Description of the task>
Give back every entry precisely as written, without any of the images.

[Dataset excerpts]
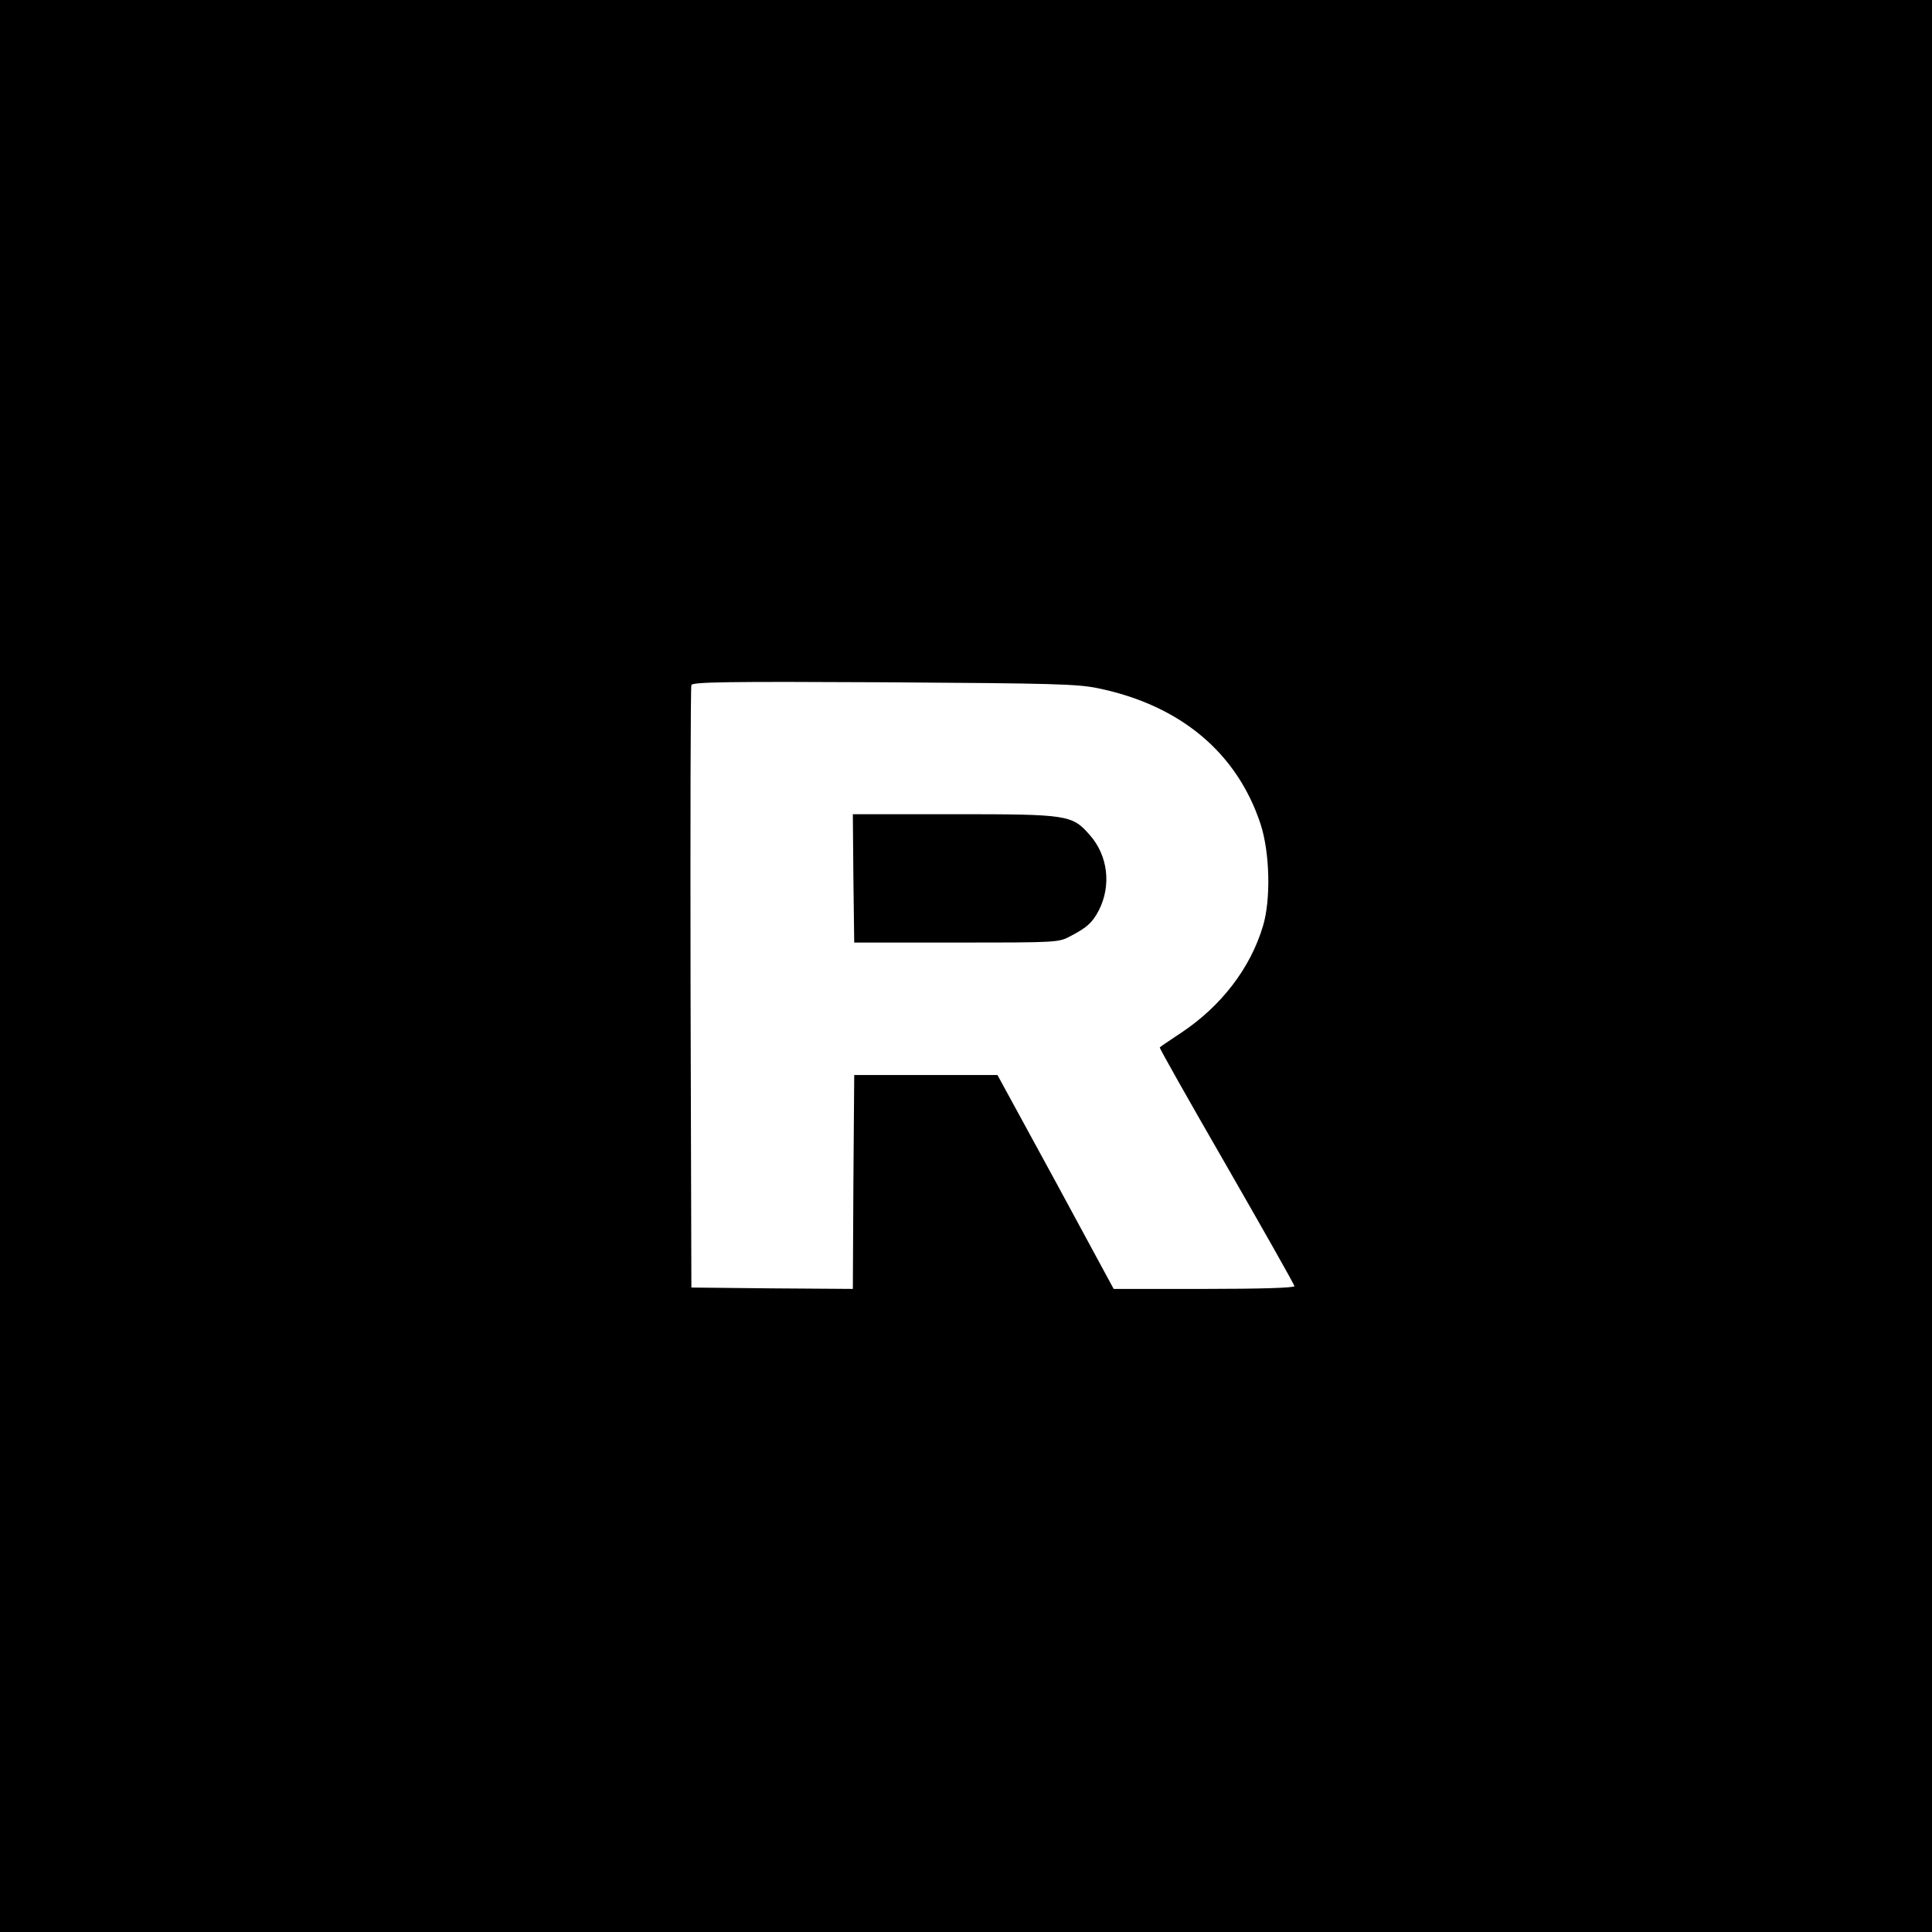 <?xml version="1.0" standalone="no"?>
<!DOCTYPE svg PUBLIC "-//W3C//DTD SVG 20010904//EN"
 "http://www.w3.org/TR/2001/REC-SVG-20010904/DTD/svg10.dtd">
<svg version="1.0" xmlns="http://www.w3.org/2000/svg"
 width="700pt" height="700pt" viewBox="0 0 700 700"
 preserveAspectRatio="xMidYMid meet">
<g transform="translate(0,700) scale(0.1,-0.1)"
fill="#000000" stroke="none">
<path d="M0 3500 l0 -3500 3500 0 3500 0 0 3500 0 3500 -3500 0 -3500 0 0
-3500z m3980 1006 c298 -62 502 -234 587 -491 34 -103 38 -275 9 -370 -45
-152 -151 -290 -295 -386 -42 -28 -78 -52 -79 -54 -2 -2 107 -195 242 -429
135 -235 246 -431 246 -436 0 -6 -121 -10 -327 -10 l-328 0 -210 388 -211 387
-259 0 -260 0 -3 -388 -2 -387 -293 2 -292 3 -3 1085 c-1 597 0 1091 3 1098 4
11 133 13 697 10 618 -4 702 -6 778 -22z"/>
<path d="M3092 3818 l3 -233 370 0 c370 0 370 0 415 24 59 31 78 48 102 94 45
90 32 197 -33 271 -65 74 -78 76 -496 76 l-363 0 2 -232z"/>
</g>
</svg>

Response>
 <?xml version="1.0" standalone="no"?>
<!DOCTYPE svg PUBLIC "-//W3C//DTD SVG 20010904//EN"
 "http://www.w3.org/TR/2001/REC-SVG-20010904/DTD/svg10.dtd">
<svg version="1.0" xmlns="http://www.w3.org/2000/svg"
 width="700pt" height="700pt" viewBox="0 0 700 700"
 preserveAspectRatio="xMidYMid meet">
<g transform="translate(0,700) scale(0.1,-0.1)"
fill="#000000" stroke="none">
<path d="M0 3500 l0 -3500 3500 0 3500 0 0 3500 0 3500 -3500 0 -3500 0 0
-3500z m3980 1006 c298 -62 502 -234 587 -491 34 -103 38 -275 9 -370 -45
-152 -151 -290 -295 -386 -42 -28 -78 -52 -79 -54 -2 -2 107 -195 242 -429
135 -235 246 -431 246 -436 0 -6 -121 -10 -327 -10 l-328 0 -210 388 -211 387
-259 0 -260 0 -3 -388 -2 -387 -293 2 -292 3 -3 1085 c-1 597 0 1091 3 1098 4
11 133 13 697 10 618 -4 702 -6 778 -22z"/>
<path d="M3092 3818 l3 -233 370 0 c370 0 370 0 415 24 59 31 78 48 102 94 45
90 32 197 -33 271 -65 74 -78 76 -496 76 l-363 0 2 -232z"/>
</g>
</svg>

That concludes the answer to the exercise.